▶ **Data entries**:
Content starts
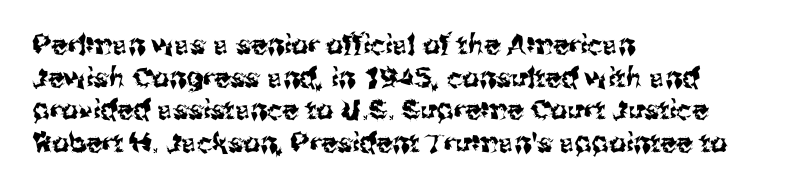
Q: Is the text italic (slanted)? A: No, it is upright.
Q: Is the text underlined? A: No.
Q: How is the paragraph aligned? A: Left-aligned.
Q: Is the spacing between letters normal or unusually wide? A: Normal.
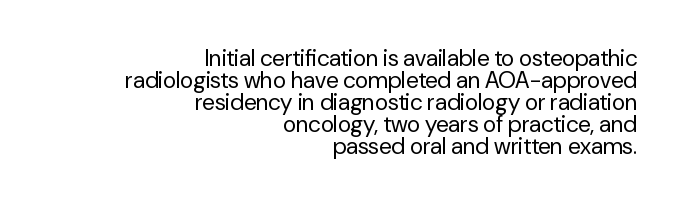
The image shows 23 px text type, upright; set right-aligned, tight line spacing (0.96x), normal letter spacing, not underlined.
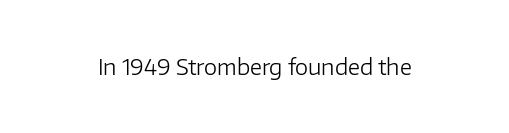
{"italic": "no", "bold": "no", "underline": "no", "letter_spacing": "normal", "letter_spacing_em": 0.0, "glyph_px": 21}
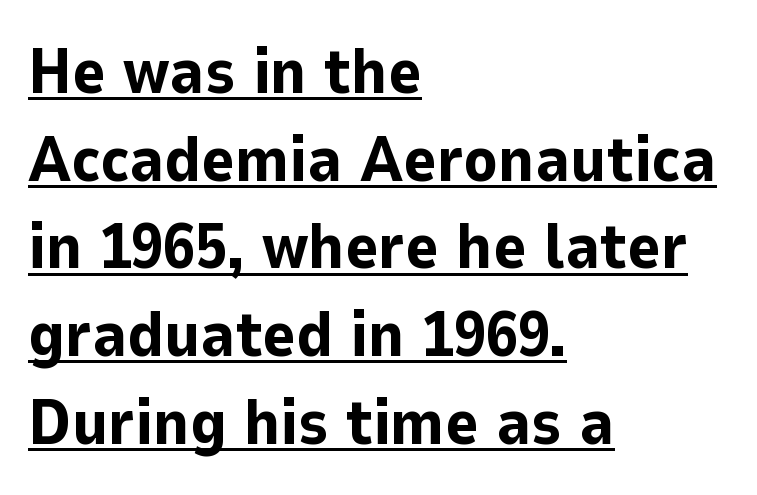
{"serif": "no", "italic": "no", "bold": "yes", "weight": "bold", "width": "normal", "stroke_contrast": "low", "x_height": "medium", "monospaced": "no", "underline": "yes", "align": "left", "line_spacing": "normal", "line_spacing_ratio": 1.37, "letter_spacing": "normal", "letter_spacing_em": 0.0, "glyph_px": 64}
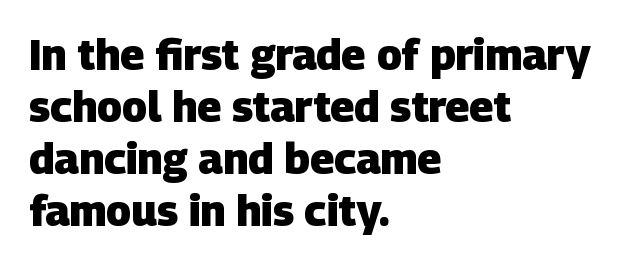
{"serif": "no", "bold": "yes", "weight": "heavy", "width": "normal", "stroke_contrast": "low", "x_height": "large", "monospaced": "no", "underline": "no", "align": "left", "line_spacing_ratio": 1.24, "letter_spacing": "normal", "letter_spacing_em": 0.0, "glyph_px": 42}
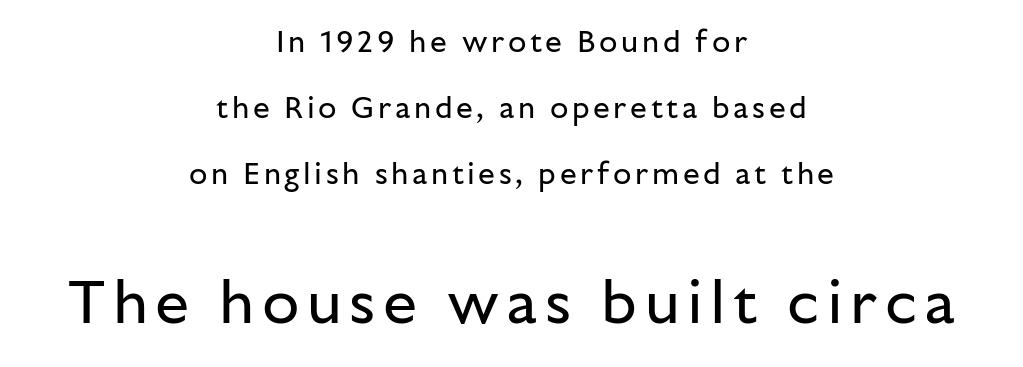
The image shows 61 px regular-weight sans-serif type, upright; set centered, loose line spacing (2.2x), not underlined; the second (bottom) block is 2.03x larger; low stroke contrast and a medium x-height.
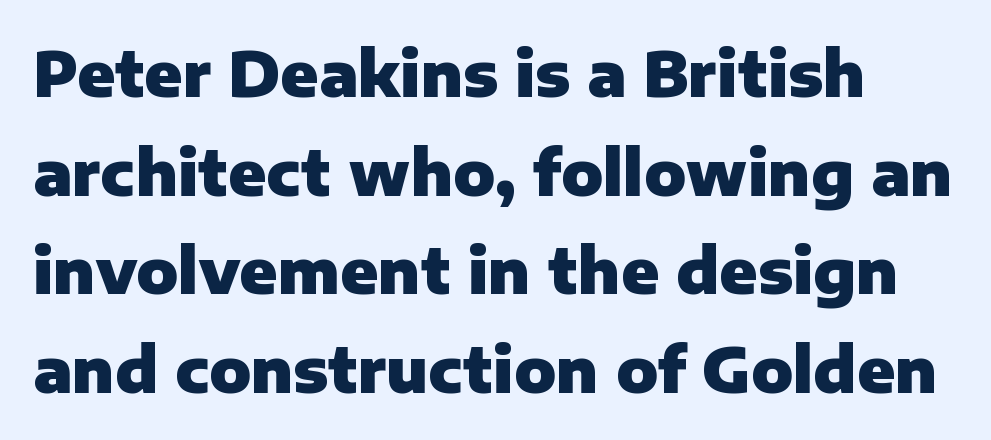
Content ends
▶ **TASK INSTRUCTIONS**: Return the lines above exactly; the images are not part of the copy.

▶ **SOLUTION BELOW**:
Q: Is the text italic (slanted)? A: No, it is upright.
Q: Is the text underlined? A: No.
Q: How is the paragraph aligned? A: Left-aligned.
Q: Is the spacing between letters normal or unusually wide? A: Normal.
The image shows 23 px text type, upright; set right-aligned, tight line spacing (0.96x), normal letter spacing, not underlined.
{"italic": "no", "bold": "no", "underline": "no", "letter_spacing": "normal", "letter_spacing_em": 0.0, "glyph_px": 21}
{"serif": "no", "italic": "no", "bold": "yes", "weight": "bold", "width": "normal", "stroke_contrast": "low", "x_height": "medium", "monospaced": "no", "underline": "yes", "align": "left", "line_spacing": "normal", "line_spacing_ratio": 1.37, "letter_spacing": "normal", "letter_spacing_em": 0.0, "glyph_px": 64}
{"serif": "no", "bold": "yes", "weight": "heavy", "width": "normal", "stroke_contrast": "low", "x_height": "large", "monospaced": "no", "underline": "no", "align": "left", "line_spacing_ratio": 1.24, "letter_spacing": "normal", "letter_spacing_em": 0.0, "glyph_px": 42}
The image shows 61 px regular-weight sans-serif type, upright; set centered, loose line spacing (2.2x), not underlined; the second (bottom) block is 2.03x larger; low stroke contrast and a medium x-height.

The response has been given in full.